Gopinath works in the field of international macroeconomics. Currently, Kenneth S. Rogoff and Richard N. Cooper are the only professors in the Economics Department who work in this area, according to Campbell.
“We think it is important to have young talent in the area as well,” Campbell said. “Many of the most important, interesting economic questions of the day concern macroeconomics.”
“[Gopinath] straddles both international finance and some macro, and macro is an area where we are not as strong as we could be,” said Economics Professor Claudia Goldin, who is currently on leave.
Campbell praised Gopinath’s ability to move between theory and data analysis, and her strong skills as a teacher.
“She has worked with some of our best Ph.D. students,” Campbell said. “She is really becoming a professional leader in terms of training economists.”
“She is the complete package,” he added.
Gopinath, who was born in India, was the first woman to leave her town to pursue a bachelor’s degree.
“A lot of people [in Mysore] didn’t have the opportunity that I had,” Gopinath said. During her undergraduate years at Delhi University, Gopinath decided to join the university’s economics honors program in the midst of India’s financial crisis in the early 1990’s.
“I think that my time [at Harvard] and before has helped me understand [that crisis] better,” Gopinath said.
Gopinath earned masters degrees in economics from the Delhi School of Economics and the University of Washington.
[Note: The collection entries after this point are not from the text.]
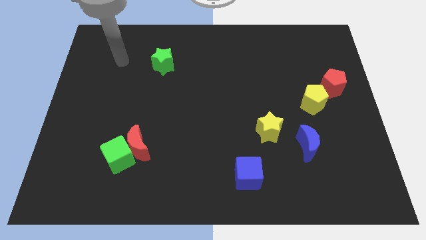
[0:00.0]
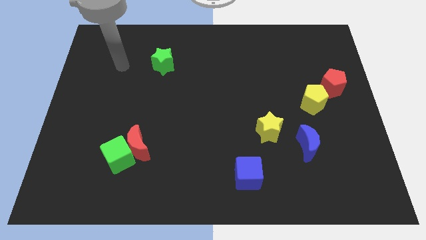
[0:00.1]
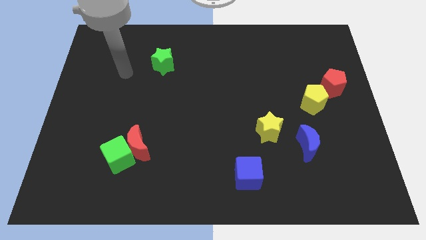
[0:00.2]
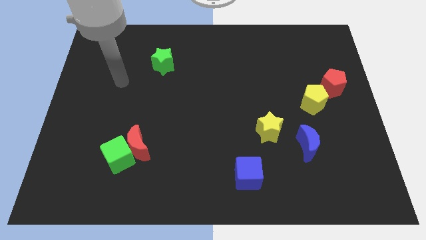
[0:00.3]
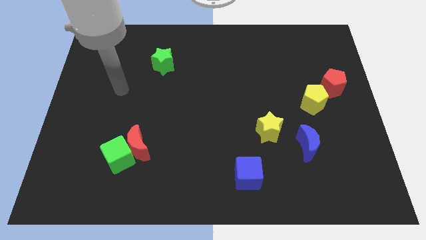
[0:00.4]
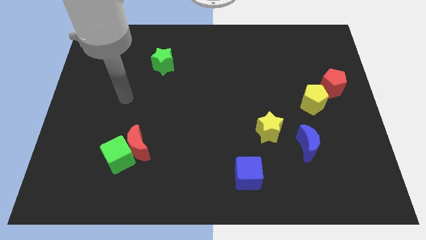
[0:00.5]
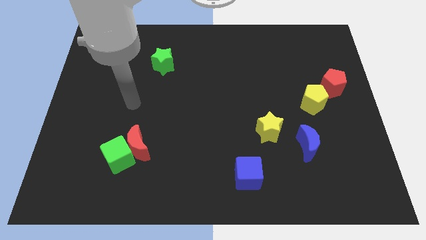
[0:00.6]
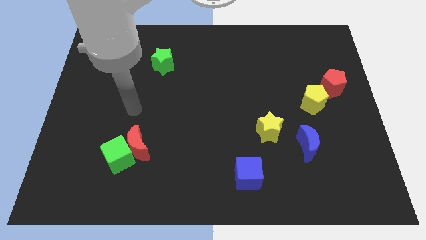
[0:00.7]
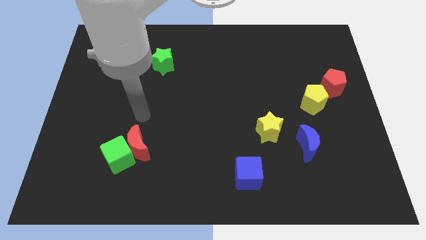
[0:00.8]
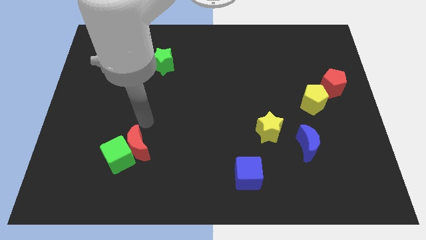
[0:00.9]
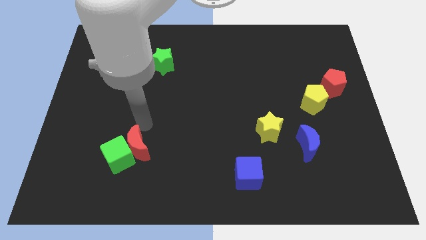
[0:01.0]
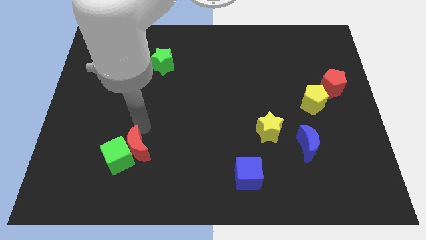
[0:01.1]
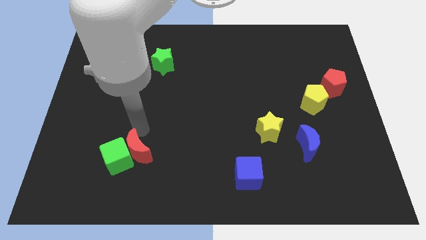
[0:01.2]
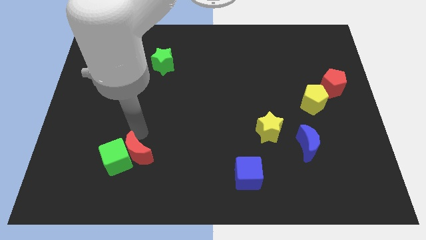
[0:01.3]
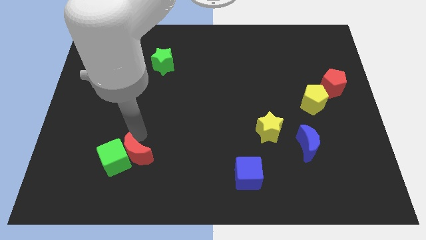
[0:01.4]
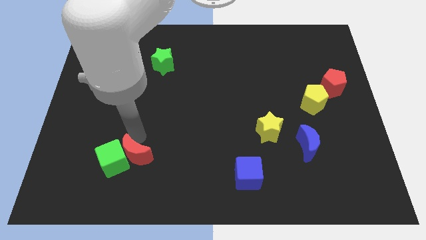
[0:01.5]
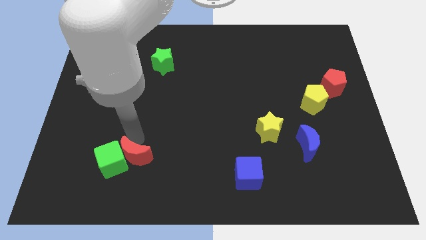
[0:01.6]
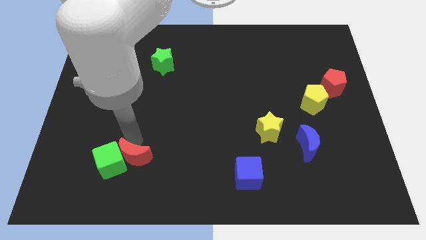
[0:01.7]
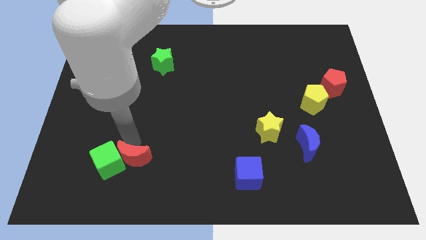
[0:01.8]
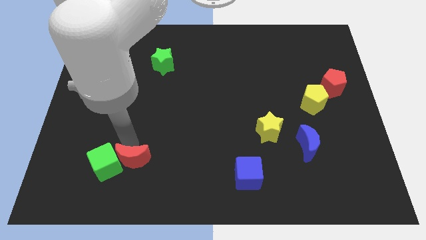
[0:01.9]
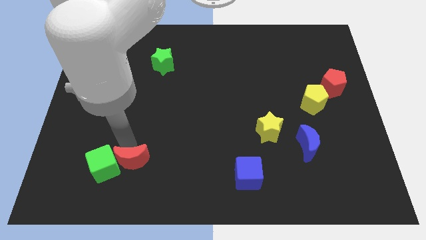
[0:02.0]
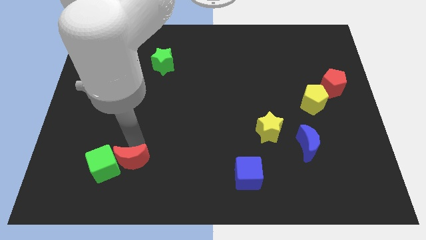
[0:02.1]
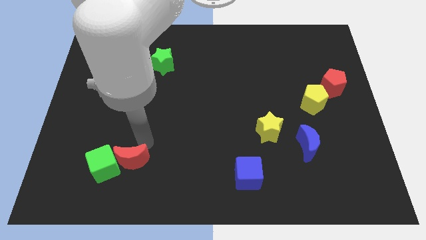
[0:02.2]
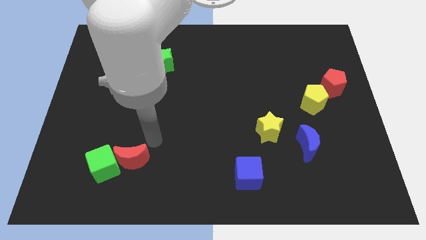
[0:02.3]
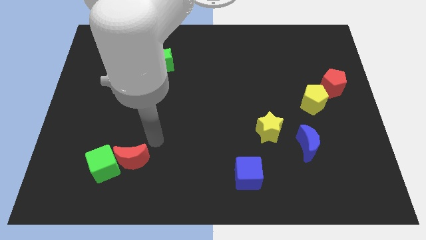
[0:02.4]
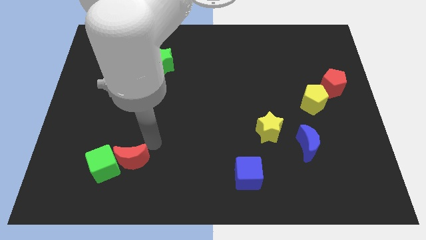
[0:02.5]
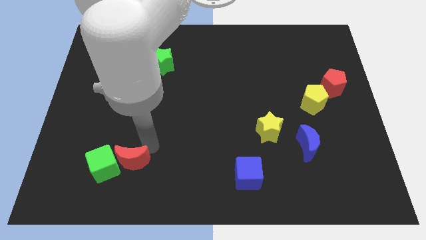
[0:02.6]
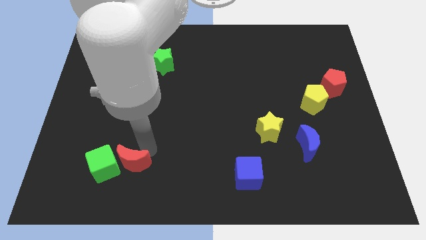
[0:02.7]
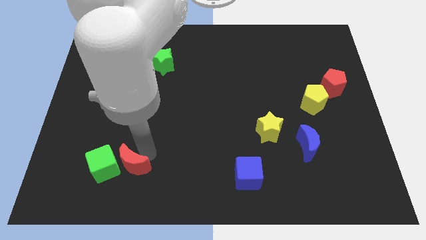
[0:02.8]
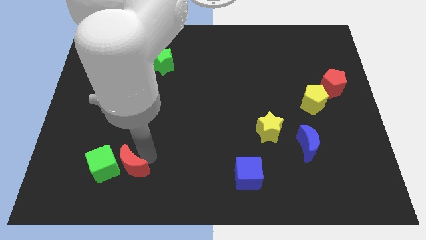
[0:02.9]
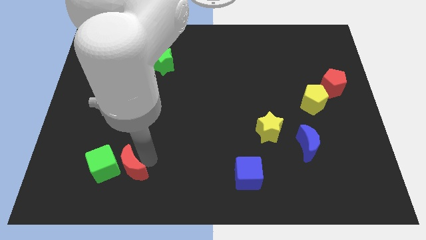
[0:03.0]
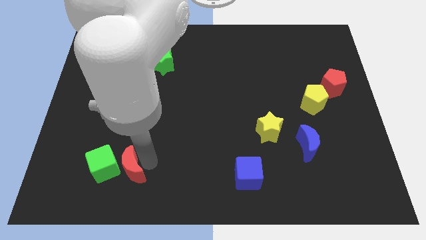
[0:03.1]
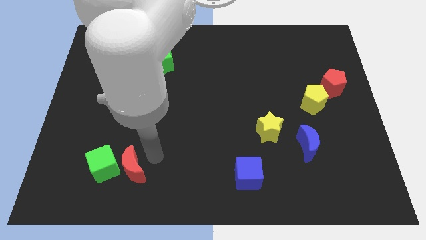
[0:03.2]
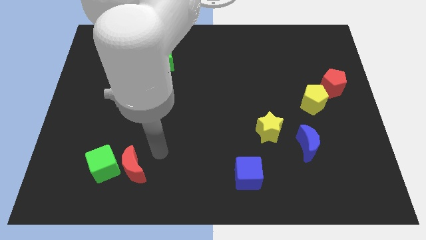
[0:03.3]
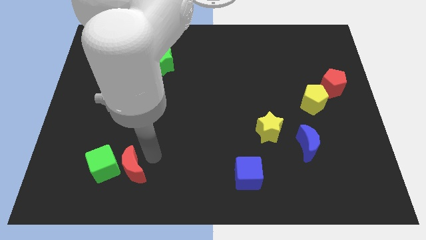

She then completed her Ph.D. from Princeton University, writing her doctoral thesis on international capital flow and real interest rates in developing countries. After receiving her Ph.D., she taught at the Booth School of Business at the University of Chicago, before joining Harvard University in 2005.
—Staff writer Gautam S. Kumar can be reached at firstname.lastname@example.org.
—Staff writer Julia L. Ryan can be reached at email@example.com.
This article has been revised to reflect the following correction:
CORRECTION: May 25, 2010
An earlier version of the Feb. 26 news story "Economics Department Votes For Gopinath's Tenure" incorrectly stated that Professor Gita Gopinath was the first woman to leave her town to pursue a bachelor’s degree. In fact, she was one of the few who had such an opportunity, according to Gopinath.